With regard to the topology of mutation, Anderson and co-workers recently reported that missense mutations located in a highly ordered structure as α-helices or β-sheet correlated with a class 2 trafficking-deficient phenotype in the type-2 LQTS patients.8
In the present cohort, mutations located in the α-helical domains were associated with a significantly higher risk compared to those with mutations in either the β-sheet domains or other uncategorized locations. It is possible that missense mutations in α-helices, where secondary protein structure is thought to the highly ordered, lead to altered secondary and tertiary channel protein structure and abnormal trafficking. This new analysis considering putative secondary structures of mutated channel would be a useful approach in stratifying risk of cardiac events in patients with LQTS.
β-Blockers have long been the first choice of therapy in patients with congenital LQTS.2,29
However, it has been shown in previous studies that the protection that β-blockers provide against cardiac events for type-2, and type-3 LQTS patients is somewhat less effective than for type-1 LQTS patients.23,30
A variety of experimental data also support the genotype-specific efficacy of β-blockers in type-1 LQTS.31
In the present study, time-dependent β-blocker use significantly reduced the risk of first cardiac events by 63% (p<0.001), confirming the efficacy of β-blockers as a first line of therapy in patients with type-2 LQTS as well as suggesting more prophylactic use of β-blockers especially in high risk patients with type-2 LQTS. On the other hand, β-blocker use was associated with less protection (29%) in the prevention of lethal cardiac events compared to first cardiac events (mostly syncope), indicating that additional treatment such as potassium supplement or an ICD implantation may be considered in high risk patients with type-2 LQTS. The patients who have aborted cardiac arrest/sudden death may have a more malignant pathophysiology that is more resistant to β-blockers than are syncopal episodes. We purposely included “ECG missing” in the Cox model so that the β-blocker effect is actually adjusted for subjects with “ECG missing” who probably did not receive β-blockers.

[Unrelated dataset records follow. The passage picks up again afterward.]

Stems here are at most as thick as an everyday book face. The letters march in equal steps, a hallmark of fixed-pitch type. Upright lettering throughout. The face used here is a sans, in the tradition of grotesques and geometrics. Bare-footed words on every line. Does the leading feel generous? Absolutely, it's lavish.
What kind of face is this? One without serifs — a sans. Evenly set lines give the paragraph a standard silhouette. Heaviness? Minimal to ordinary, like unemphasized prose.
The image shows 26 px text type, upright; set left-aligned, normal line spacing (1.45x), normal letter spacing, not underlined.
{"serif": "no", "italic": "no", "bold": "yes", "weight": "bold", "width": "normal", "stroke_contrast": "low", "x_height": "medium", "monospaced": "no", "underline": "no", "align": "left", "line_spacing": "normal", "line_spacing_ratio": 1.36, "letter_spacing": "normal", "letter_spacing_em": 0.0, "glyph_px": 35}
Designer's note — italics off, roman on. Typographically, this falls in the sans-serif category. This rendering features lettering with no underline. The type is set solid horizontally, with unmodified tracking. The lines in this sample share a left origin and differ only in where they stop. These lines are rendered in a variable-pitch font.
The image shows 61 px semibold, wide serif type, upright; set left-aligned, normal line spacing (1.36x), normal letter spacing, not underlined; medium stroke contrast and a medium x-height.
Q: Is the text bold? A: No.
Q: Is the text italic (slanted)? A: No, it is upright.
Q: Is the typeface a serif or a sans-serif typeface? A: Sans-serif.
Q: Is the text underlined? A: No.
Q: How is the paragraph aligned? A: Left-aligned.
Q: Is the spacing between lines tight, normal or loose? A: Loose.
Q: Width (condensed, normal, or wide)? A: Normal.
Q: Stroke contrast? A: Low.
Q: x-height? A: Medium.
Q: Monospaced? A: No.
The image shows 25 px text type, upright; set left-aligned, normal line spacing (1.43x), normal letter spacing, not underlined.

We did not evaluate the risk associated with distinct type of biophysical ion-channel dysfunction (dominant-negative or haplotype insufficient), since only a small percentage of the mutations present within our patient population have been studied extensively in identical cellular expression experiments. There were 60 patients who were not genotyped, and they had an increased risk for events mainly because their fatal events occurred at a young age before they were genotyped. When these patients were excluded from the analysis, the pattern of risk in the missense and non-missense subgroups remains similar to the total population, but the significance of the effect is attenuated due to the reduced number of events.